Exercise brief – Make a verbatim copy of the entries below; pictures stay out.

Extracted records –
------------------------------------------------------------

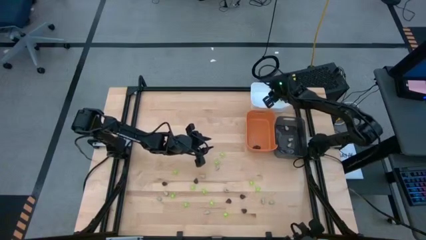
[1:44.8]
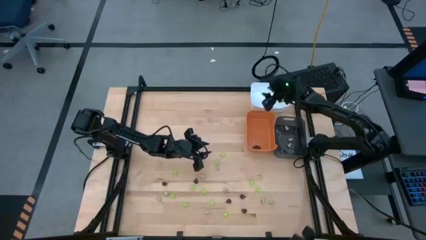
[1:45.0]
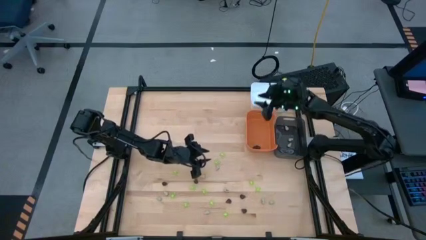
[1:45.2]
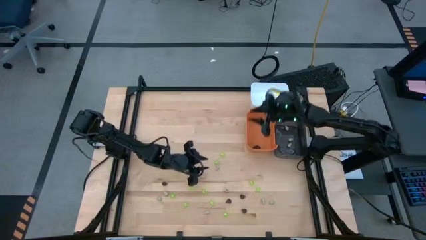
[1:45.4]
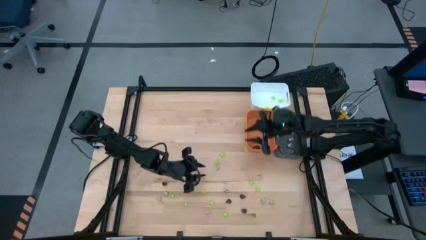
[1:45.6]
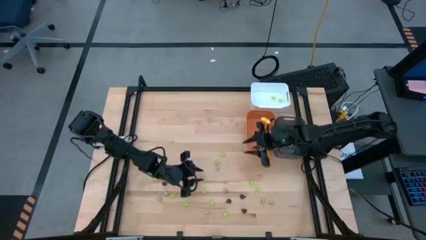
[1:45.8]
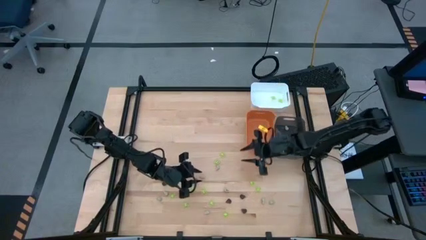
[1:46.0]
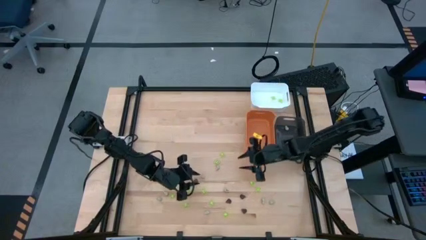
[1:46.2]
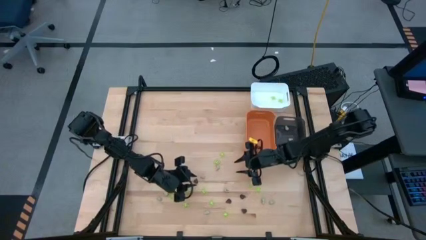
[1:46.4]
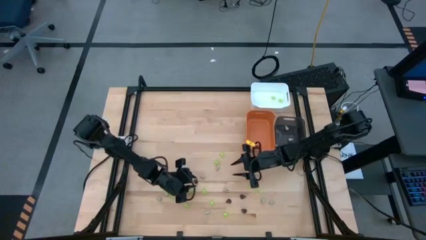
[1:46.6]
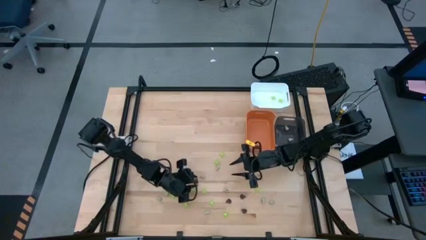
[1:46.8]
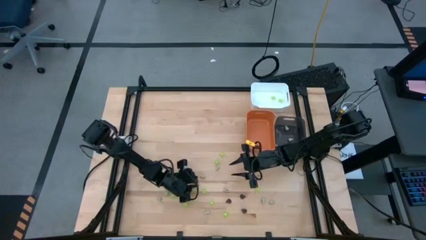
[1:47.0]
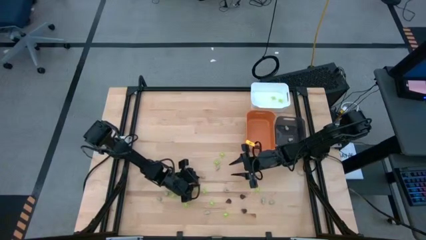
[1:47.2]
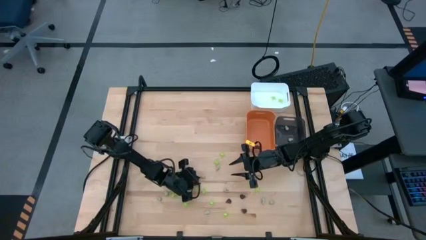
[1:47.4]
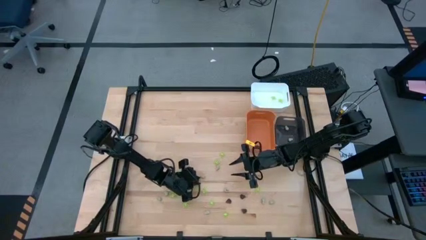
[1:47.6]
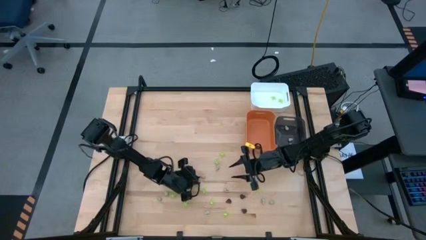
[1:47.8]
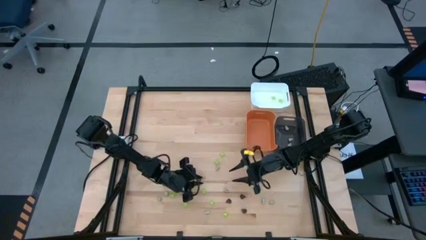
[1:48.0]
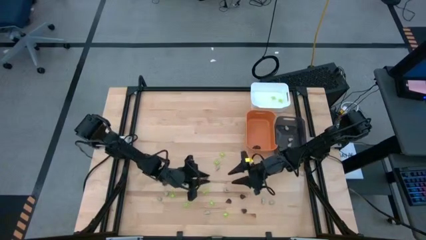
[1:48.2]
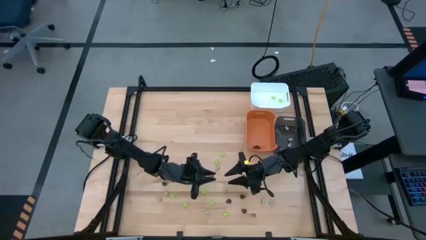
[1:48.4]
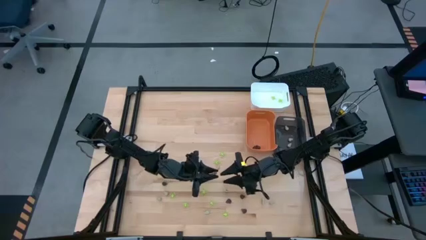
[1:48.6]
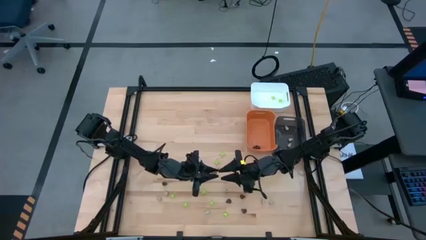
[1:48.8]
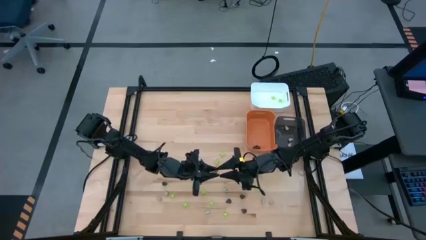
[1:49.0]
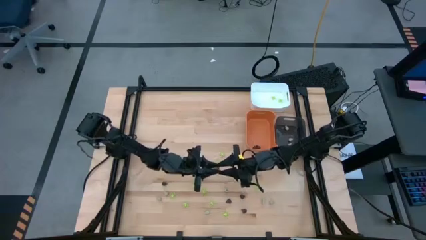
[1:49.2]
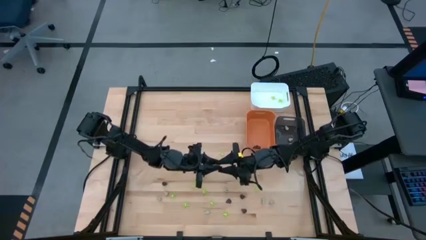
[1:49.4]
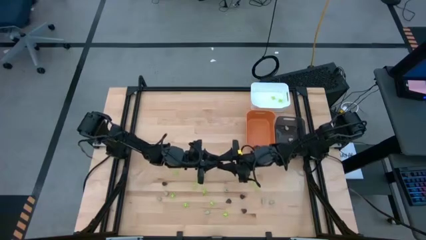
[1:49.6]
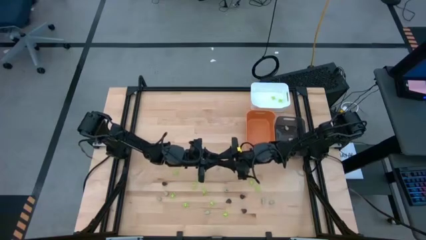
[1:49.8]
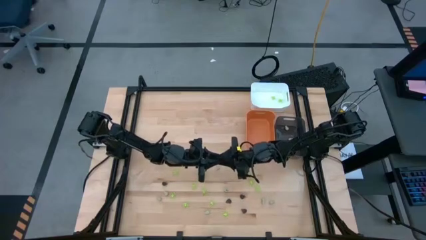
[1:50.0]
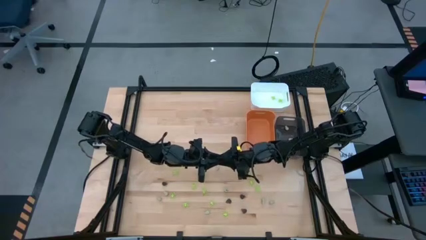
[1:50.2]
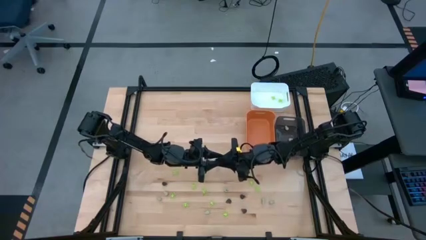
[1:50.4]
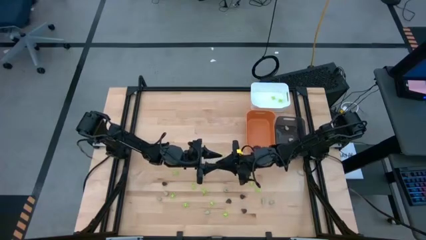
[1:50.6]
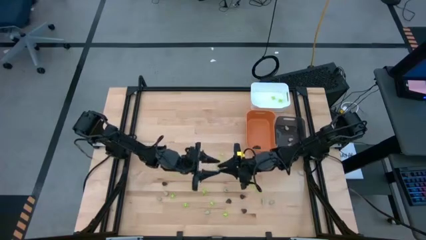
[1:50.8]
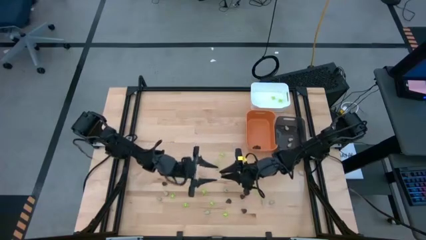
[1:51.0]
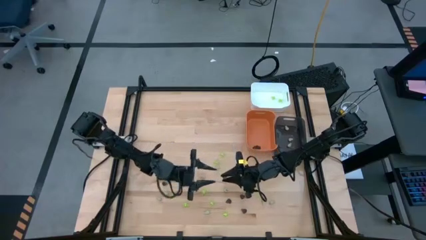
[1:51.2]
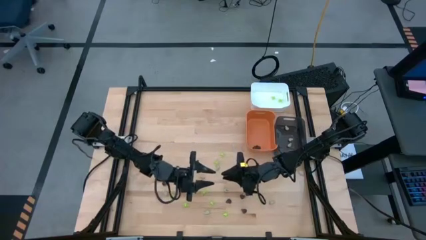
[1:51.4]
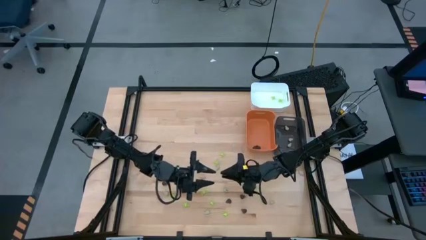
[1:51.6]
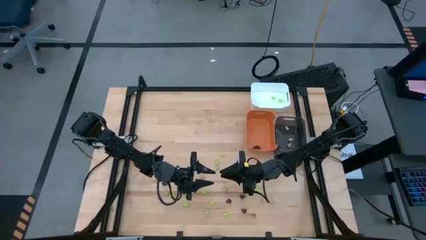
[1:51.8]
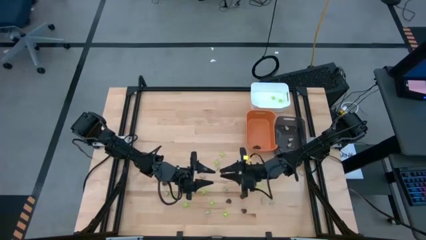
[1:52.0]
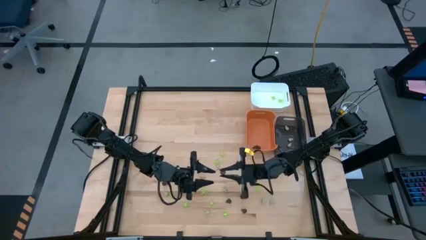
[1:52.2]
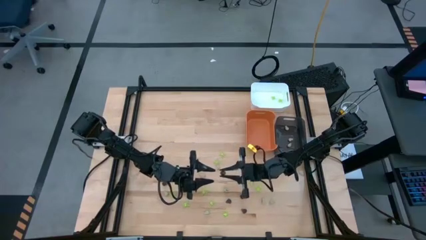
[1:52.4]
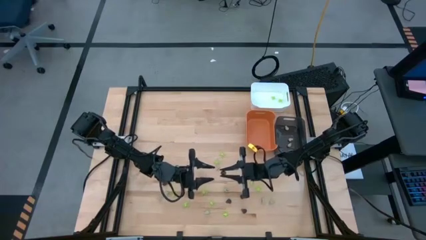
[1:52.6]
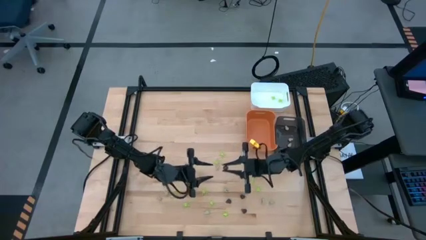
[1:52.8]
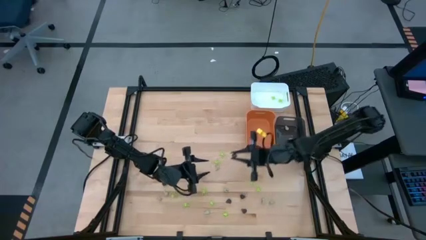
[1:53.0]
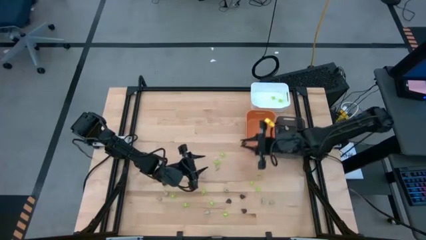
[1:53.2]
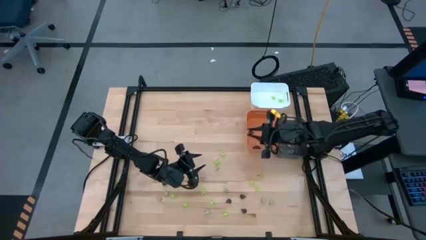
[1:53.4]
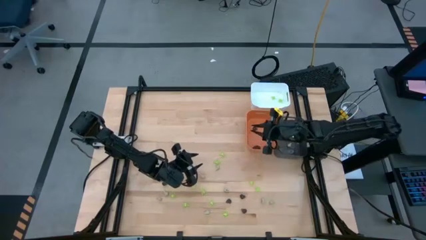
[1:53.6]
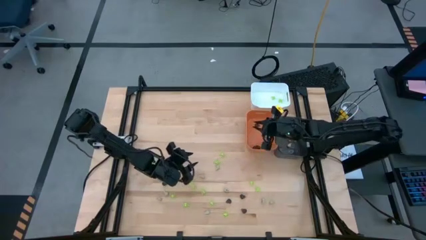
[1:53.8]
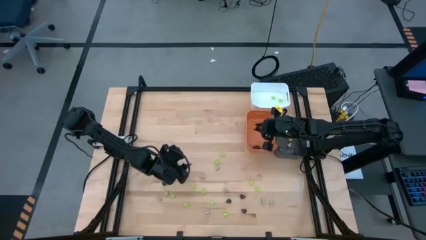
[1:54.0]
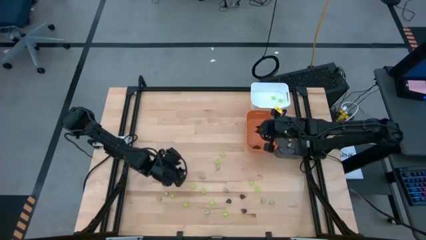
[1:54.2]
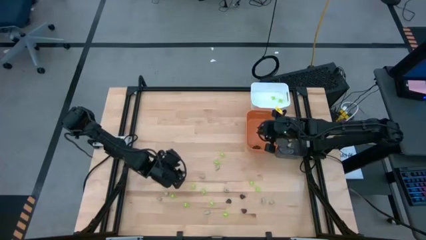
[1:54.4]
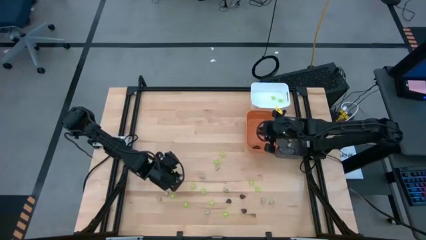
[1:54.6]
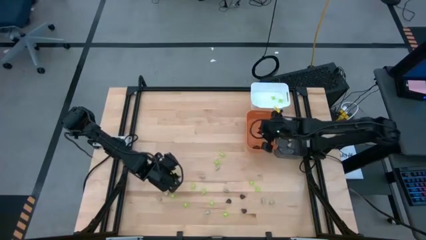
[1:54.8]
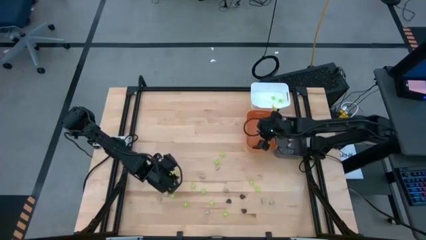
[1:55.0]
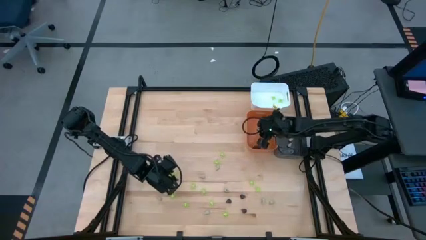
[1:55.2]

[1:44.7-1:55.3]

------------------------------------------------------------

Task output –
[1:44.8]
[1:45.0]
[1:45.2]
[1:45.4]
[1:45.6]
[1:45.8]
[1:46.0]
[1:46.2]
[1:46.4]
[1:46.6]
[1:46.8]
[1:47.0]
[1:47.2]
[1:47.4]
[1:47.6]
[1:47.8]
[1:48.0]
[1:48.2]
[1:48.4]
[1:48.6]
[1:48.8]
[1:49.0]
[1:49.2]
[1:49.4]
[1:49.6]
[1:49.8]
[1:50.0]
[1:50.2]
[1:50.4]
[1:50.6]
[1:50.8]
[1:51.0]
[1:51.2]
[1:51.4]
[1:51.6]
[1:51.8]
[1:52.0]
[1:52.2]
[1:52.4]
[1:52.6]
[1:52.8]
[1:53.0]
[1:53.2]
[1:53.4]
[1:53.6]
[1:53.8]
[1:54.0]
[1:54.2]
[1:54.4]
[1:54.6]
[1:54.8]
[1:55.0]
[1:55.2]

[1:44.7-1:55.3]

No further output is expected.